Question 15.9: Finding Equilibrium Concentrations from Initial Concentratio...
Finding Equilibrium Concentrations from Initial Concentrations and the Equilibrium Constant
Consider the reaction:
N_2(g) + O_2(g) \rightleftharpoons 2 \ NO(g) K_c = 0.10 \ (at \ 2000°C)
A reaction mixture at 2000°C initially contains [N_2] = 0.200 M and [O_2] = 0.200 M. Find the equilibrium concentrations of the reactants and product at this temperature.
1. Using the balanced equation as a guide, prepare a table showing the known initial concentrations of the reactants and products. Leave room in the table for the changes in concentrations and for the equilibrium concentrations.
N_2(g) + O_2(g) \rightleftharpoons 2 \ NO(g)
| [N_2] | [O_2] | [NO](atm) | |
| Initial | 0.200 | 0.200 | 0.00 |
| Change | |||
| Equil |
2. Use the initial concentrations to calculate the reaction quotient (\mathcal{Q} ) for the initial concentrations. Compare \mathcal{Q} to K to predict the direction in which the reactionwill proceed.
\mathcal{Q_c} =\frac{[NO]^2}{[N_2][O_2]} =\frac{(0.000)^2}{(0.200)(0.200)}
=0
\mathcal{Q}<K ; therefore, the reaction will proceed to the right.
3. Represent the change in the concentration of one of the reactants or products with the variable x.
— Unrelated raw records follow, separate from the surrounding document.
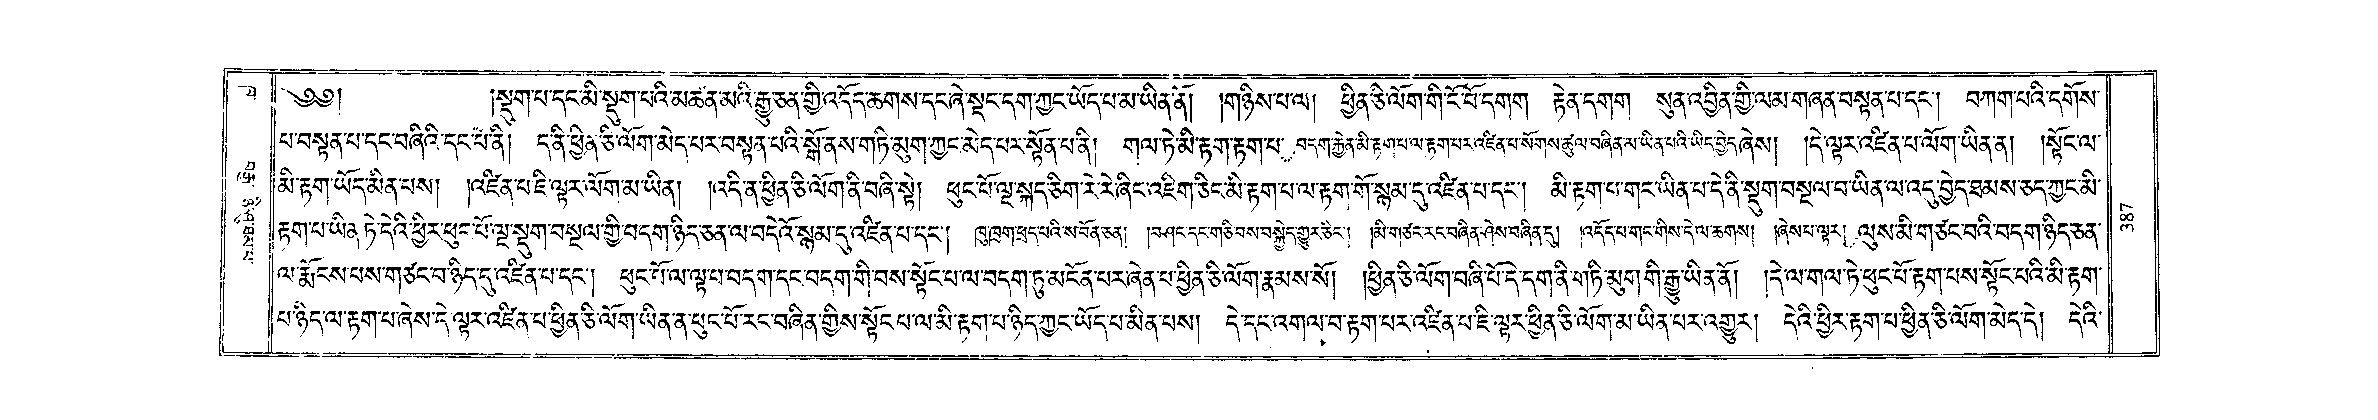༄༅། །སྡུག་པ་དང་མི་སྡུག་པའི་མཚན་མའི་རྒྱུ་ཅན་གྱི་འདོད་ཆགས་དང་ཞེ་སྡང་དག་ཀྱང་ཡོད་པ་མ་ཡིན་ནོ། །གཉིས་པ་ལ། ཕྱིན་ཅི་ལོག་གི་ངོ་བོ་དགག་རྟེན་དགག་སུན་འབྱིན་གྱི་ལམ་གཞན་བསྟན་པ་དང་། བཀག་པའི་དགོས་
པ་བསྟན་པ་དང་བཞིའི་དང་པོ་ནི། ད་ནི་ཕྱིན་ཅི་ལོག་མེད་པར་བསྟན་པའི་སྒོ་ནས་གཏི་མུག་ཀྱང་མེད་པར་སྟོན་པ་ནི། གལ་ཏེ་མི་རྟག་རྟག་པ་བདག་རྐྱེན་མི་རྟག་པ་ལ་རྟག་པར་འཛིན་པ་སོགས་ཚུལ་བཞིན་མ་ཡིན་པའི་ཡིད་བྱེད་ཞེས། །དེ་ལྟར་འཛིན་པ་ལོག་ཡིན་ན། །སྟོང་ལ་
མི་རྟག་ཡོད་མིན་པས། །འཛིན་པ་ཇི་ལྟར་ལོག་མ་ཡིན། །འདི་ན་ཕྱིན་ཅི་ལོག་ནི་བཞི་སྟེ། ཕུང་པོ་ལྔ་སྐད་ཅིག་རེ་རེ་ཞིང་འཇིག་ཅིང་མི་རྟག་པ་ལ་རྟག་གོ་སྙམ་དུ་འཛིན་པ་དང་། མི་རྟག་པ་གང་ཡིན་པ་དེ་ནི་སྡུག་བསྔལ་པ་ཡིན་ལ་འདུ་བྱེད་ཐམས་ཅད་ཀྱང་མི་
རྟག་པ་ཡིན་ཏེ་དེའི་ཕྱིར་ཕུང་པོ་ལྔ་སྡུག་བསྔལ་གྱི་བདག་ཉིད་ཅན་ལ་བདེའོ་སྙམ་དུ་འཛིན་པ་དང་། ཁུ་ཁྲག་ཕྲད་པའི་ས་བོན་ཅན། །བཤང་དང་གཅི་བས་བསྐྱེད་གྱུར་ཅིང་། །མི་གཙང་རང་བཞིན་ཤེས་བཞིན་དུ། །འདོད་པ་གང་གིས་དེ་ལ་ཆགས། །ཞེས་པ་ལྟར།  ལུས་མི་གཙང་བའི་བདག་ཉིད་ཅན་
ལ་རྨོངས་པས་གཙང་བ་ཉིད་དུ་འཛིན་པ་དང་། ཕུང་པོ་ལ་ལྟ་བ་བདག་དང་བདག་གི་བས་སྟོང་པ་ལ་བདག་ཏུ་མངོན་པར་ཞེན་པ་ཕྱིན་ཅི་ལོག་རྣམས་སོ། །ཕྱིན་ཅི་ལོག་བཞི་པོ་དེ་དག་ནི་གཏི་མུག་གི་རྒྱུ་ཡིན་ནོ། །དེ་ལ་གལ་ཏེ་ཕུང་པོ་རྟག་པས་སྟོང་པའི་མི་རྟག་
པ་ཉིད་ལ་རྟག་པ་ཞེས་དེ་ལྟར་འཛིན་པ་ཕྱིན་ཅི་ལོག་ཡིན་ན་ཕུང་པོ་རང་བཞིན་གྱིས་སྟོང་པ་ལ་མི་རྟག་པ་ཉིད་ཀྱང་ཡོད་པ་མིན་པས། དེ་དང་འགལ་བ་རྟག་པར་འཛིན་པ་ཇི་ལྟར་ཕྱིན་ཅི་ལོག་མ་ཡིན་པར་འགྱུར། དེའི་ཕྱིར་རྟག་པ་ཕྱིན་ཅི་ལོག་མེད་དེ། དེའི་

Define the changes in the concentrations of the other reactants or products in terms of x. It is usually most convenient to let x represent the change in concentration of the reactant or product with the smallest stoichiometric coefficient.
N_2(g) + O_2(g) \rightleftharpoons 2 \ NO(g)
| [N_2] | [O_2] | [NO](atm) | |
| Initial | 0.200 | 0.200 | 0.00 |
| Change | -x | -x | +2x |
| Equil |
4. Sum each column for each reactant and each product to determine the equilibrium concentrations in terms of the initial concentrations and the variable x.
N_2(g) + O_2(g) \rightleftharpoons 2 \ NO(g)
| [N_2] | [O_2] | [NO](atm) | |
| Initial | 0.200 | 0.200 | 0.00 |
| Change | -x | -x | +2x |
| Equil | 0.200 – x | 0.200 – x | x 2x |
5. Substitute the expressions for the equilibrium concentrations (from Step 4) into the expression for the equilibrium constant. Using the given value of the equilibrium constant, solve the expression for the variable x. In some cases, such as Example 15.9, you can take the square root of both sides of the expression to solve for x. In other cases, such as Example 15.10, you must solve a quadratic equation to find x.
Remember the quadratic formula:
ax^2 + bx + c = 0
x=\frac{-b\pm \sqrt{b^2 – 4ac} }{2a}
K_c=\frac{[NO]^2}{[N_2][O_2]}
=\frac{(2x)^2}{(0.200 – x)(0.200 – x)}
0.10=\frac{(2x)^2}{(0.200 – x)^2}
\sqrt{0.10} =\frac{2x}{0.200 – x}
\sqrt{0.10}(0.200 – x) =2x
\sqrt{0.10}(0.200 ) -\sqrt{0.10x }=2 x
0.063 = 2x +\sqrt{0.10 }x
0.063 = 2.3x
x = 0.027
6. Substitute x into the expressions for the equilibrium concentrations of the reactants and products (from Step 4) and calculate the concentrations. In cases where you solved a quadratic and have two values for x, choose the value for x that gives a physically realistic answer. For example, reject the value of x that results in any negative concentrations.
[NO_2] = 0.200 – 0.027
= 0.172 M
[O_2] = 0.200 – 0.027
= 0.173 M
[NO] = 2(0.027)
= 0.054 M
7. Check your answer by substituting the calculated equilibrium values
into the equilibrium expression. The calculated value of K should match the given value of K. Note that rounding errors could cause a difference in the least significant digit when comparing values of the equilibrium constant.
K_c=\frac{[NO]^2}{[N_2][O_2]}
=\frac{(0.054)^2}{(0.173)(0.173)}= 0.097
Since the calculated value of K_c matches the given value (to within one digit in the least significant figure), the answer is valid.